# Spinning reel vs. baitcasting reel



## rapalahunter (Oct 13, 2007)

I'm in the market for a new reel. Right now I have a quantum energy pti10. It does the job well, but its too small for some of my latest fishing interests. 

I was almost decided on getting one of its bigger brothers since I've loved that reel. But, then I started thinking about getting a baitcasting reel because its main purpose would be bigger crankbaits like the pointer 100 and also targeting bigger fish. 

I know spinning reels can land some big boys. I've landed Mahi mahi on spinning gear. I was just wondering some opinions on spinning vs. baitcasting reels that might help me with my decision.

Thanks.


----------



## cajun1977 (Dec 8, 2007)

if youve never used a baitcaster id suggest getting with some one who has one to let you try. they take alot of practice to get used to it and a cheap baitcaster will give you alot of problems unlike a spinning reel. im in south ogden and would be happy to give you a lesson if your ever in the area


----------



## FC2Tuber (Oct 26, 2007)

cajun1977 said:


> if youve never used a baitcaster id suggest getting with some one who has one to let you try. they take alot of practice to get used to it and a cheap baitcaster will give you alot of problems unlike a spinning reel. im in south ogden and would be happy to give you a lesson if your ever in the area


+1 to that.

Once you get it down though, you won't be dissapointed.


----------



## FC2Tuber (Oct 26, 2007)

fatbass said:


> I've never liked that whole "cast with the right hand and switch the rod to the left hand" thing with baitcasters. I do like baitcasters for trolling though.

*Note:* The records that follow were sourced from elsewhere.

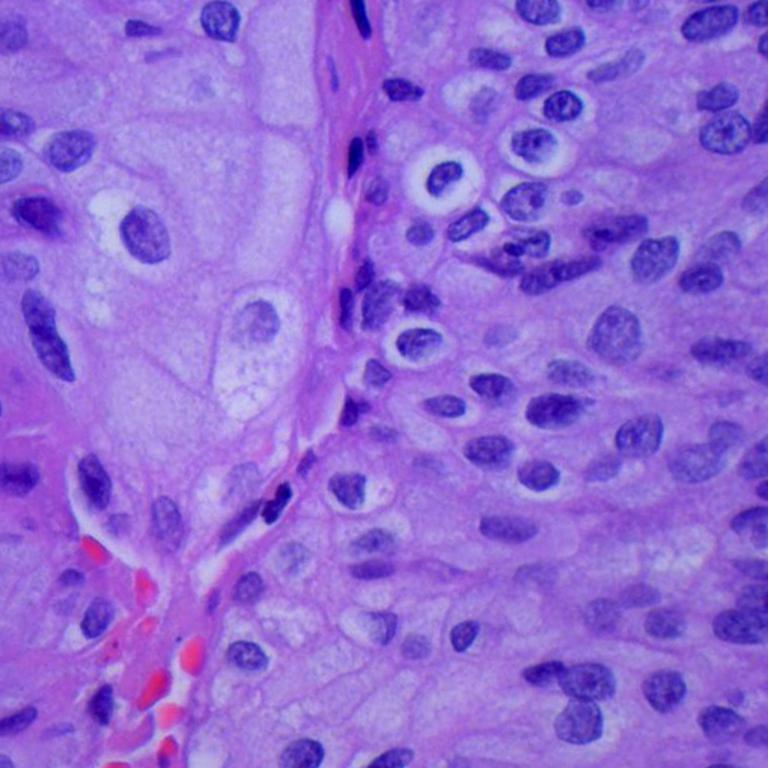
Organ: lung
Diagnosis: squamous carcinomas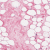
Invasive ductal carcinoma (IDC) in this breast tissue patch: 0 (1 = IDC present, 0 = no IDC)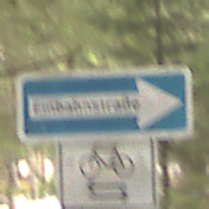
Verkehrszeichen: EinbahnstrasseRechtsweisend
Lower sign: RichtungsangabeDurchPfeile9
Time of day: MorningAfternoon
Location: Outdoor (Nature)
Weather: Overcast
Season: Winter
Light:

Get a left handed baitcaster reel.


----------



## rapalahunter (Oct 13, 2007)

Thanks for the offer on the lesson cajun. I don't make it that far north very often... but if I do  

For those of you that do baitcast, what model reels do you like. I know the cheap ones are gonna give me tons of trouble, so I will probably be saving up for a little while before my purchase.

Thanks again.


----------



## tcb (Sep 26, 2007)

I've always had good luck with the simple Abu Garcia reels- relatively inexpensive, but very reliable.


----------



## SlapShot (Sep 25, 2007)

When it comes to certain lures a baitcaster is the way to go. When I throw crankbaits and spinnerbaits all I use is casting tackle. Definitely borrow a rod and baitcast reel so you can get used to it...and get a left-hand retrieve baitcaster. As far as brand, I use Shimano Curados and Calcutta's. I also have a couple of Daiwa reels I like. They were all purchase on Ebay, brand new, but I didn't pay anywhere near retail.

Good Luck

HockeyMan


----------



## jahan (Sep 7, 2007)

fatbass said:


> I've never liked that whole "cast with the right hand and switch the rod to the left hand" thing with baitcasters. I do like baitcasters for trolling though.


+1


----------



## Riverrat77 (Sep 7, 2007)

I had a Pfleuger baitcaster once... the red one(?). It was nice and smooth and I could actually work it well enough to minimize backlashes (everyone gets them though and they suck). Although it was new and I only caught a few fish with it.... I still liked my spinning gear, have caught tons of fish big and little with it and have no reason to change. I'd agree with some of these guys, get with somebody that has one, try it out (especially the backlash part) to see if thats something you want to deal with alot while you're learning to use one and then make your choice. For trolling, they do seem to be really solid and I actually preferred one of the trolling reels over my larger spinning reels up at Strawberry. Good luck... and it actually is like anything else, with enough practice, I'm sure you'd learn to love it and be really really good with it.


----------